My alarm clock signaled for me to get up an hour earlier than usual. I rolled over to hit the snooze button, and missed. Then again and again.
"Ugh!" I groaned opening my eyes and sitting up, finally hitting the snooze button. I sighed realizing I have to catch the bus, and Chris would no longer be picking meup in the morning. Tears welled up again. I wiped them angrily. Im tired of crying over him. Hes not worth my tears. I realized that around 4 Am this morning and here I am awake at 5:40. I guess that early night turned into a late night special of my tears. I stayed up all night wondering what I could have done wrong? Where did I go wrong? When did I go wrong? I got out the bed and grabbed a shirt and a pair of sweats. Now that Chris and I are no longer together, I don't have to worry about my appearance. I brushed my teeth in a hurry and put my hair in a low ponytail. I have 20 minutes to run a mile to the bus stop. Oh well I have to get in shape for track season anyway. I grabbed a hoodie, my purse and my books, then sprinted for the bus stop. Hoping I left nothing behind.
~ ~ ~
God I wish I would have grabbed a coat or something. Im freezing through this thin hoodie. I took my mp3 from my purse and plugged it into my ears and tried to find a song to take my mind off of Chris. My phone vibrated in my back pocket. A text from Lisa, but I still had 13 new text messages from last night
Lisa: Good Morning Rai J Me: Hey Lisa... Lisa: Cud you tell Chris to stop by McDonalds. Ill pay em back. Me: ... Im not riding with Chris Lisa...?
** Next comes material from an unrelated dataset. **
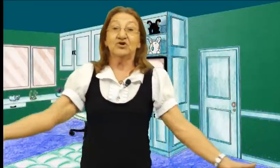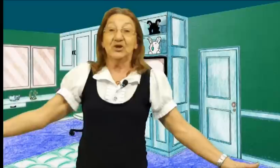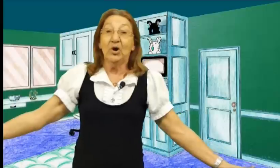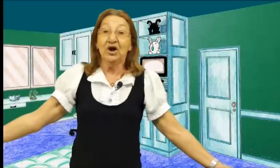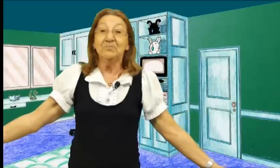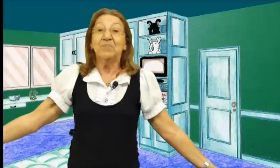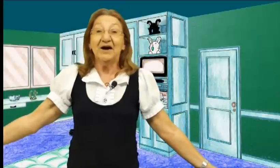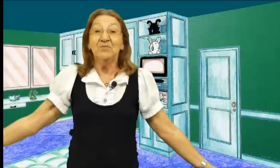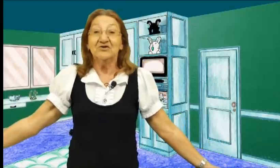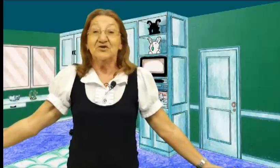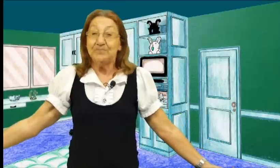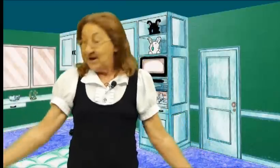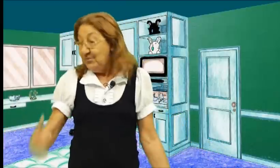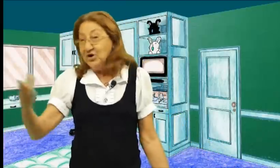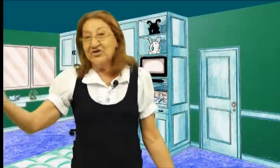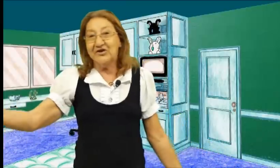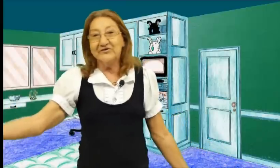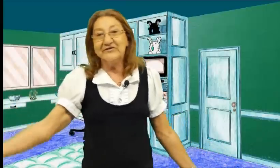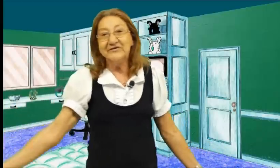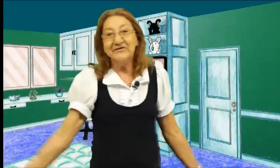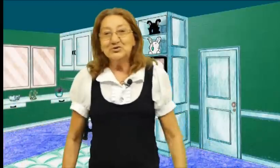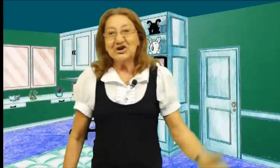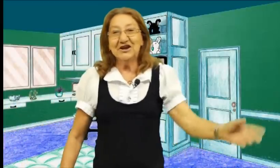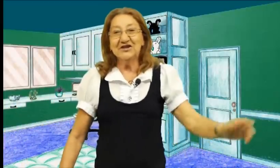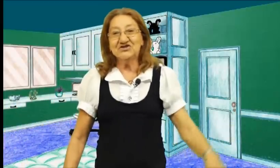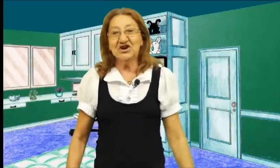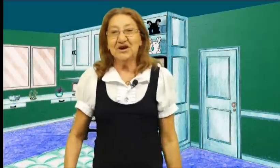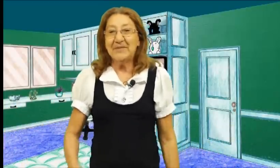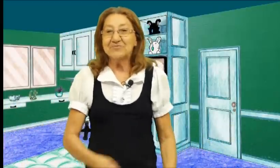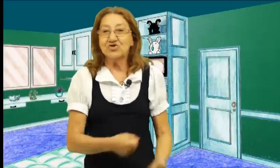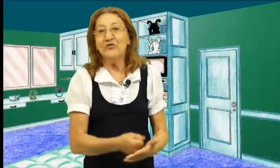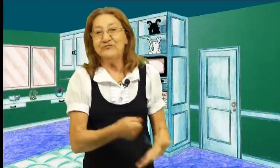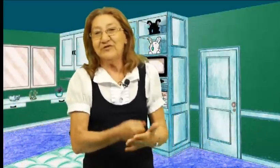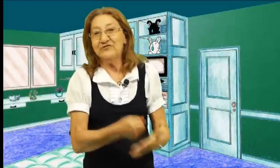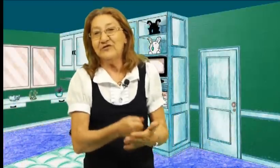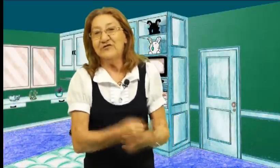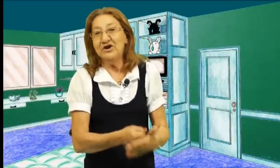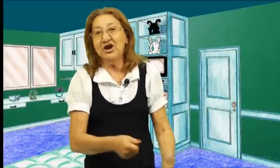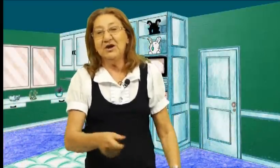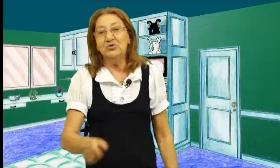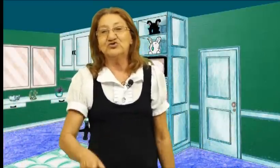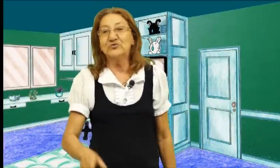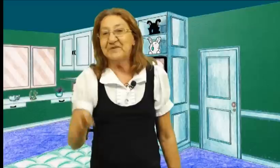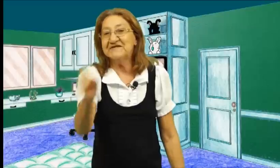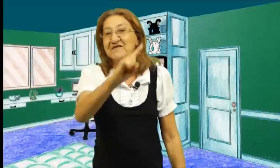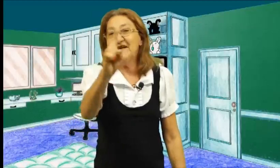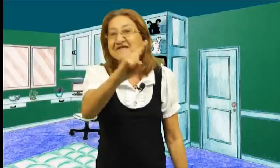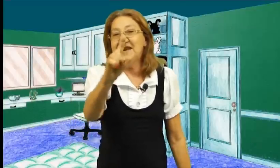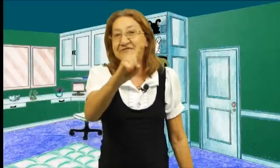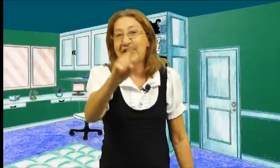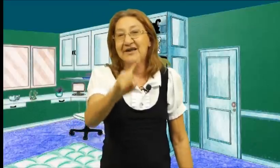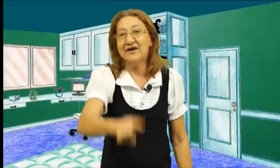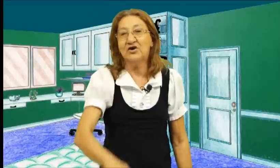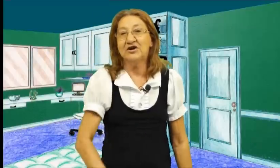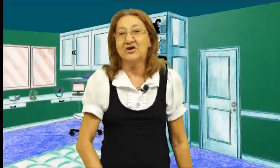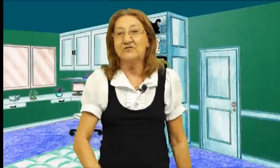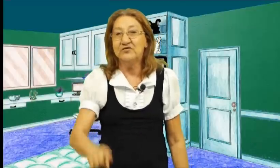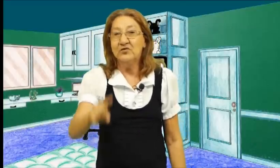pode nem morrer em paz, minha gente Pelo amor de Deus O gerente chega bate Ei moço, não pense que vai se livrar agora não, viu?
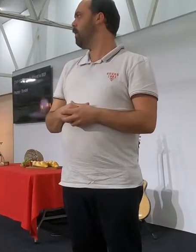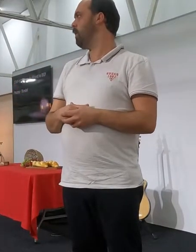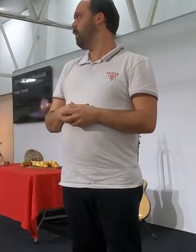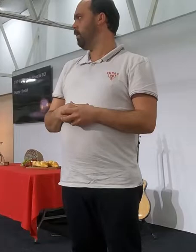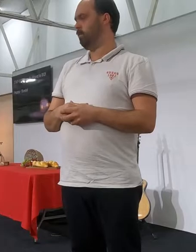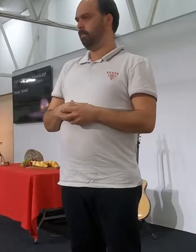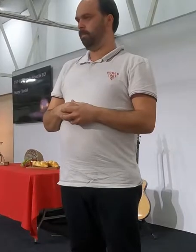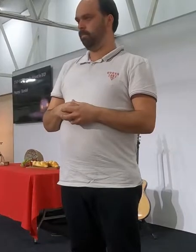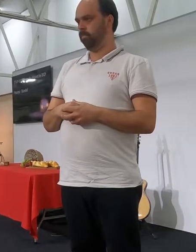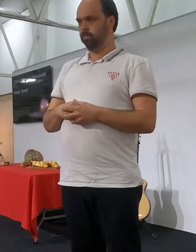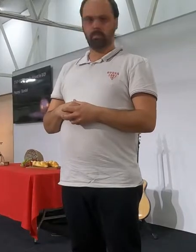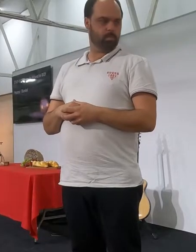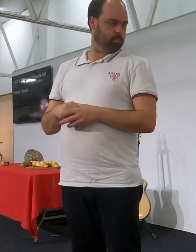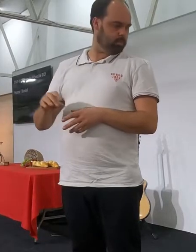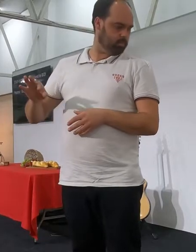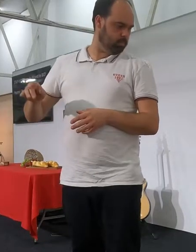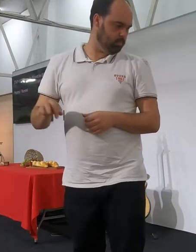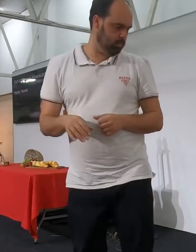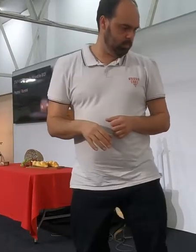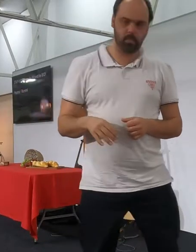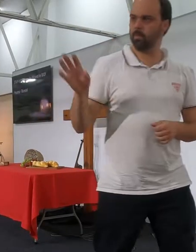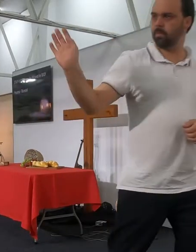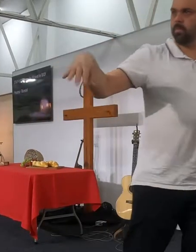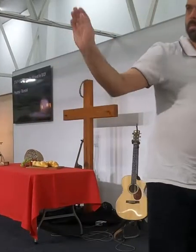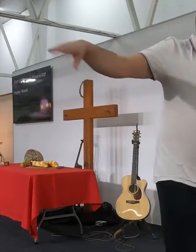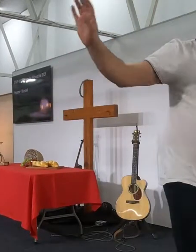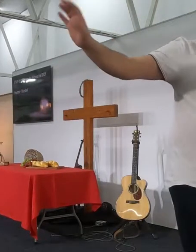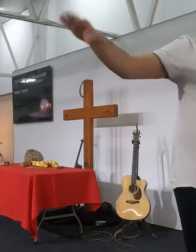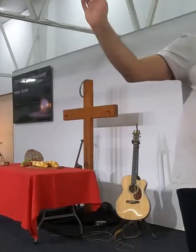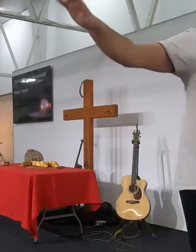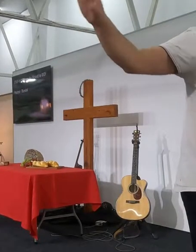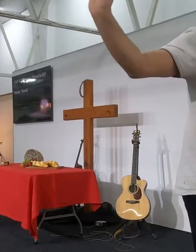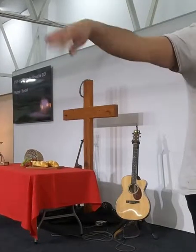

I then set my phone back to idle and put it back in my back pocket. The bus was pulling up, so much for taking my mind off of Chris. I tried to switch to another song with a faster beat. Now I wish I listened to rock. Every song in my list reminded me of Chris. I sighed giving up and just letting the music play as I boarded the bus and took my seat next to a middle aged woman. She looked like she hadn't slept in days. I wondered if I looked the same way to her.
My phone was vibrating like crazy, but I refused to answer. I rested my head in my hands. This is going to be a long day for me I thought to myself. The middle aged woman next to me tapped me signaling this was her stop and she needed to get out.
"Sorry." I said as I stood moving to the side to let her out. I sat back in the seat and watched the road waiting for my stop. I pulled the rope above the seat signaling my stop. I unloaded the bus and realized im still about a block away from the school. I sighed and speed walked up the steep hill. Got to stay in shape even in the winter time I guess. As I walked up the sidewalk of the school I saw flyers being put up for the winter ball. I felt like a ball was stuck in my throat that I couldn't swallow. It was forcing tears to my eyes. Just the fact that I had imagined me and Chris dancing on cloud 9 at the winter ball... Oh well, I thought, trying to force tears back, he can dance with Shalay now. Shes all his and hes all hers now.
I finally decided to check my text messages. Two unread messages from Lisa. 5 from Chris, a few good morning text messages and one text from an unknown number
Unknown Number: Forgive Chris. It wuz a 1 time thing, and really loves you. He's practically begging for another chance. Will you forgive him?
Im practically speechless. I mean he hurt me. Why is he hurt so bad? Why does he want a second chance so bad. I messaged the stranger back. Not caring who it is.
Me: I forgive him, but not for him, for me, but I will NOT give him another chance. He betrayed my trust, and he cant take that back.
I then put my phone on idle again and slid it back in my back pocket for the rest of the day.